Government plans to resume the vaccination of healthcare workers with the Johnson and Johnson COVID-19 vaccine from Wednesday.
This is according to a report from Sunday newspaper Rapport, which received this information from various sources within the ministerial vaccine advice committee.
This comes after Health Minister Zweli Mkhize on Wednesday announced that government would temporarily halt the rollout of the Johnson & Johnson COVID-19 vaccine in South Africa.
The decision followed US health officials recommending that the use of the COVID-19 vaccine be suspended due to concerns about a rare brain blood clotting side effect known as venous sinus thrombosis.
This type of brain clot was seen in combination with low levels of blood platelets in six women between the ages of 18 and 48 who had received the vaccine.
Mkhize said South Africa would temporarily suspend its Johnson & Johnson vaccine rollout until the causal relationship between the vaccine and blood clots was sufficiently interrogated.
“It’s important to be aware that with any vaccine it is essential to closely monitor its safety and efficacy. If a problem is reported following a vaccination, a thorough investigation should take place,” he said.
South Africa has not had any reports of blood clots that have formed in any recipients of the vaccination to date.

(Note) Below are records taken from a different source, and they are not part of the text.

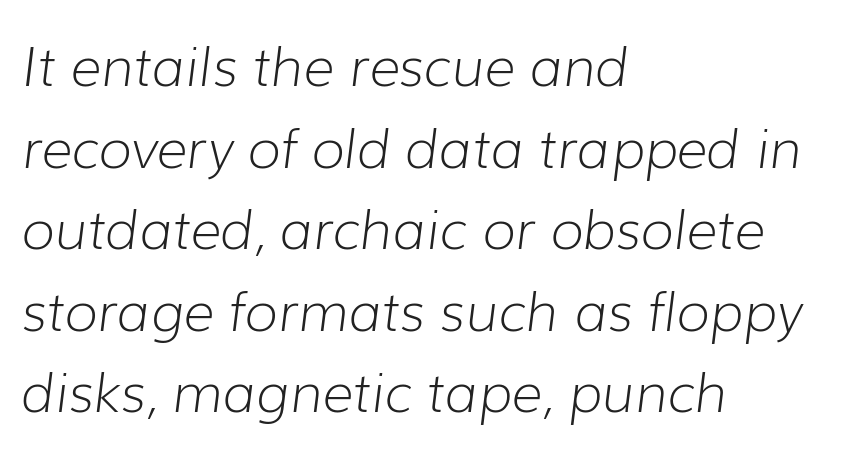
Q: Is the text bold? A: No.
Q: Is the text italic (slanted)? A: Yes, it leans right by about 7 degrees.
Q: Is the text underlined? A: No.
Q: How is the paragraph aligned? A: Left-aligned.
Q: Is the spacing between letters normal or unusually wide? A: Normal.
Q: Is the spacing between lines tight, normal or loose? A: Normal.
Q: Width (condensed, normal, or wide)? A: Normal.
Q: Stroke contrast? A: Low.
Q: x-height? A: Medium.
Q: Monospaced? A: No.

The recommended pause came just weeks after the vaccine developed by AstraZeneca and the University of Oxford raised similar concerns in Europe.
South Africa has already backed out of its AstraZeneca vaccine plans because of its low efficacy against the 501Y.V2 variant, which is dominant in South Africa.

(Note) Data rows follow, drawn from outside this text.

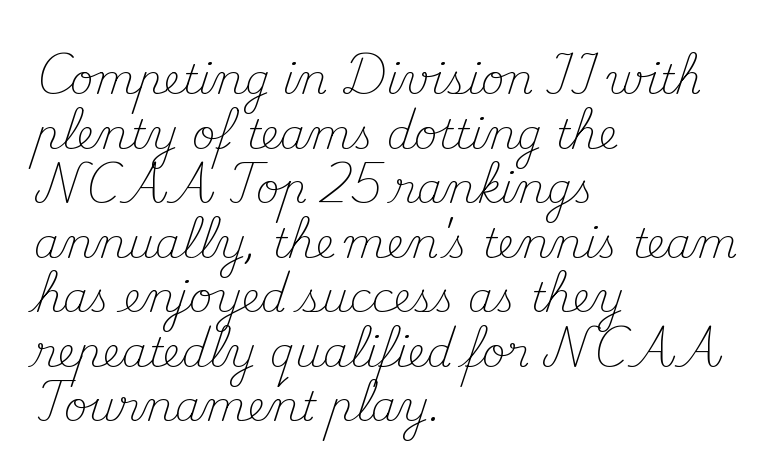
Q: Is the text bold? A: No.
Q: Is the text italic (slanted)? A: Yes.
Q: Is the typeface a serif or a sans-serif typeface? A: Serif.
Q: Is the text underlined? A: No.
Q: How is the paragraph aligned? A: Left-aligned.
Q: Is the spacing between letters normal or unusually wide? A: Normal.
Q: Is the spacing between lines tight, normal or loose? A: Normal.
Q: Width (condensed, normal, or wide)? A: Normal.
Q: Stroke contrast? A: Medium.
Q: x-height? A: Small.
Q: Monospaced? A: No.

President of the SAMRC Professor Glenda Gray told Rapport that the Johnson and Johnson vaccine remained the best option as it was effective against this variant.
According to her, the pause was the responsible course of action.

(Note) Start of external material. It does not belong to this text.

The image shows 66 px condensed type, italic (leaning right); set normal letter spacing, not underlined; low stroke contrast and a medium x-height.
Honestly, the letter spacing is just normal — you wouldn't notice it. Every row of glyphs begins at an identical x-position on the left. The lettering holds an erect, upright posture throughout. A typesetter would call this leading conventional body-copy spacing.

The SAMRC announced in a press release that to date only 2.2% of around 300,000 healthcare workers who received the Johnson and Johnson vaccine reported side-effects.
“Only 134 people (0.05%) visited the hospital or emergency room for further evaluation,” it stated.
Most of the reported adverse events had been minor, local, or systematic reactions.
One person experienced a severe allergic reaction that met the international diagnostic criteria for anaphylaxis but has since made a complete recovery.